I was gently guided to the left and the door immediately there. The light was flicked on and flooded the room with a dull orange glow.
The large bed in the middle of the wall was slathered with a puffy quilt made of all sorts of different colours and patterns. At the end of it was two folded towels arranged into a cross with a bar of soap planted in the middle.
A wooden chest with deep ethnic carvings sat at the end of the metal poles of the bed. Opposite it was a vintage dresser with round mirror attached.
There was a sort of smell to it all that felt homely. Kind of musty, but soft in a way. It was hard to put my finger on it, but it made me feel safe.
Fishing out eighty dollars for the sleepy couple who made sure I was fine to be settled in and warmly wished me goodnight on their way out, I was left to drop my bag on the chest, flick off the light that slowly burnt out, and slip under the cold quilt with my phone for company.
Clutching it close as I stared at the mountain of messages and calls, I knew I couldn't delay it any longer and make things worse.

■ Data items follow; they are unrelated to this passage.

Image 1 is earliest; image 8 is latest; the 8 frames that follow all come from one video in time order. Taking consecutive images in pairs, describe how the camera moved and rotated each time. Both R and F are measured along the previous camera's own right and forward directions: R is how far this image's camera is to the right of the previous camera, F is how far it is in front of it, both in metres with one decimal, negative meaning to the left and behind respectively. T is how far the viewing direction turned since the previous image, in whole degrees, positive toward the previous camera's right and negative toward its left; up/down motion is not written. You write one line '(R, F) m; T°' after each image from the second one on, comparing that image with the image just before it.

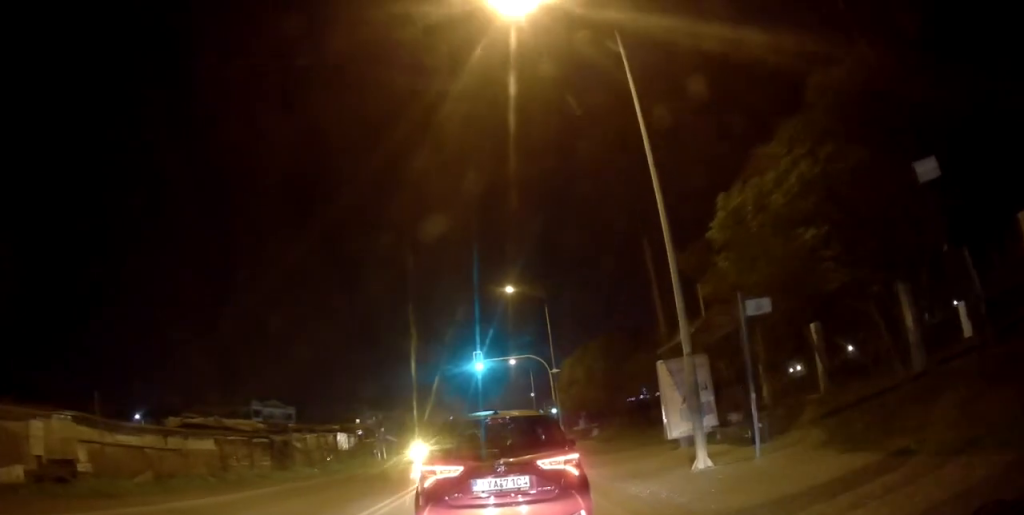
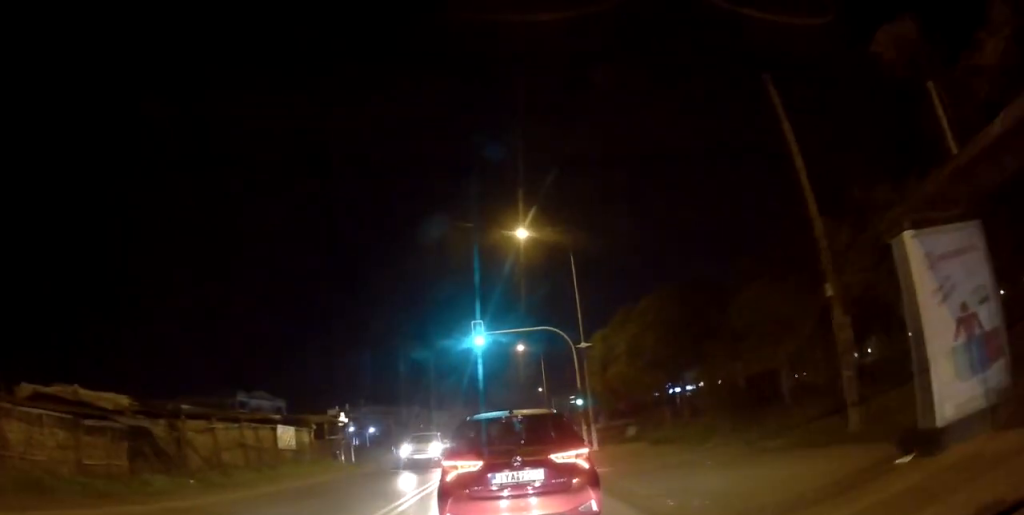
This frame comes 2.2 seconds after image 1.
(-0.2, +10.2) m; +1°
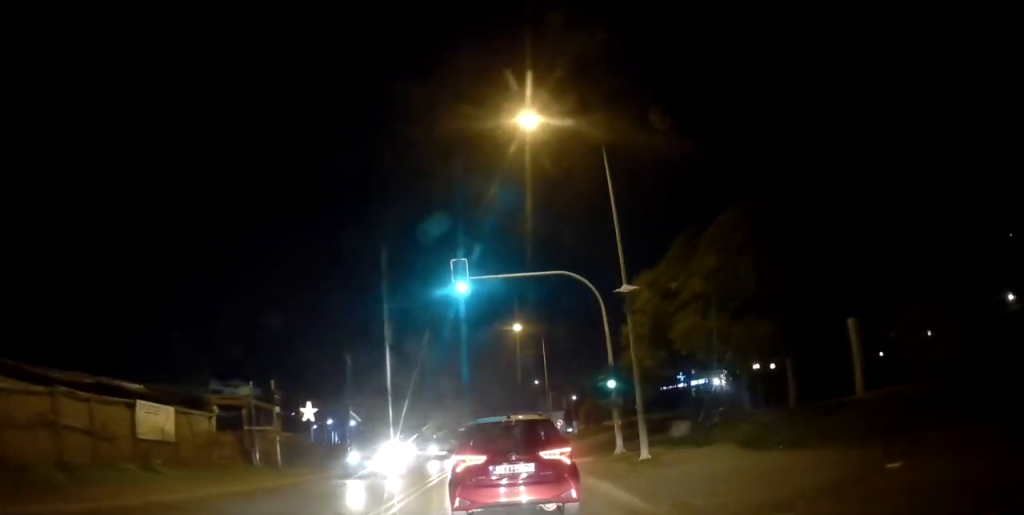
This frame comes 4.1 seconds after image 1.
(+0.2, +10.4) m; -1°
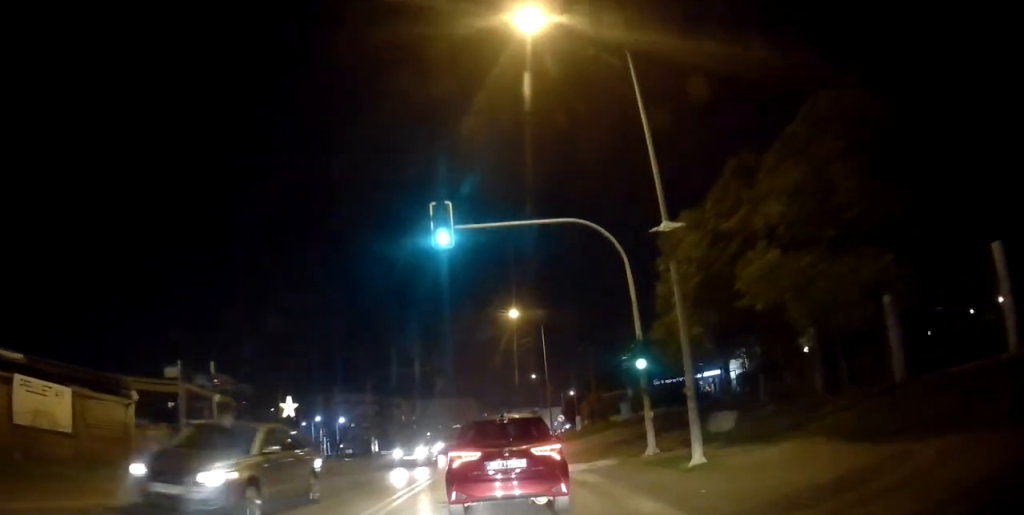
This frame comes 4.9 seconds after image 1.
(-0.1, +4.8) m; 0°
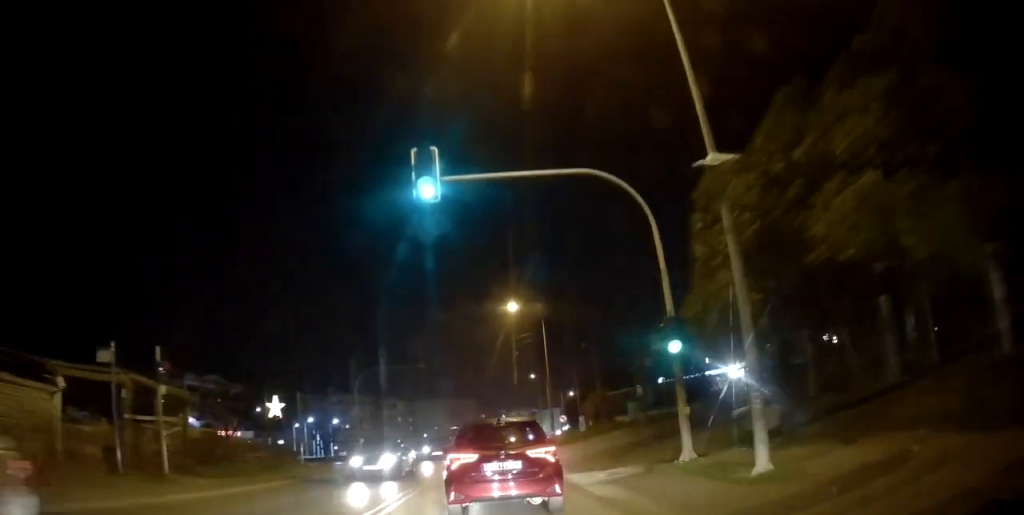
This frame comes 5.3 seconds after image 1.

I got a taste of that anxiety today through Alowyn. I knew Adrian would be the same, and I had cruelly been the one to prolong it.
With a deep breath, I settled in to begin my plee for forgiveness and understanding through curled, serrated claws fumbling through the first sentence to Adrian.
I had to make things right, before my only form of communication with him would no longer be an option and I truly would become a beast.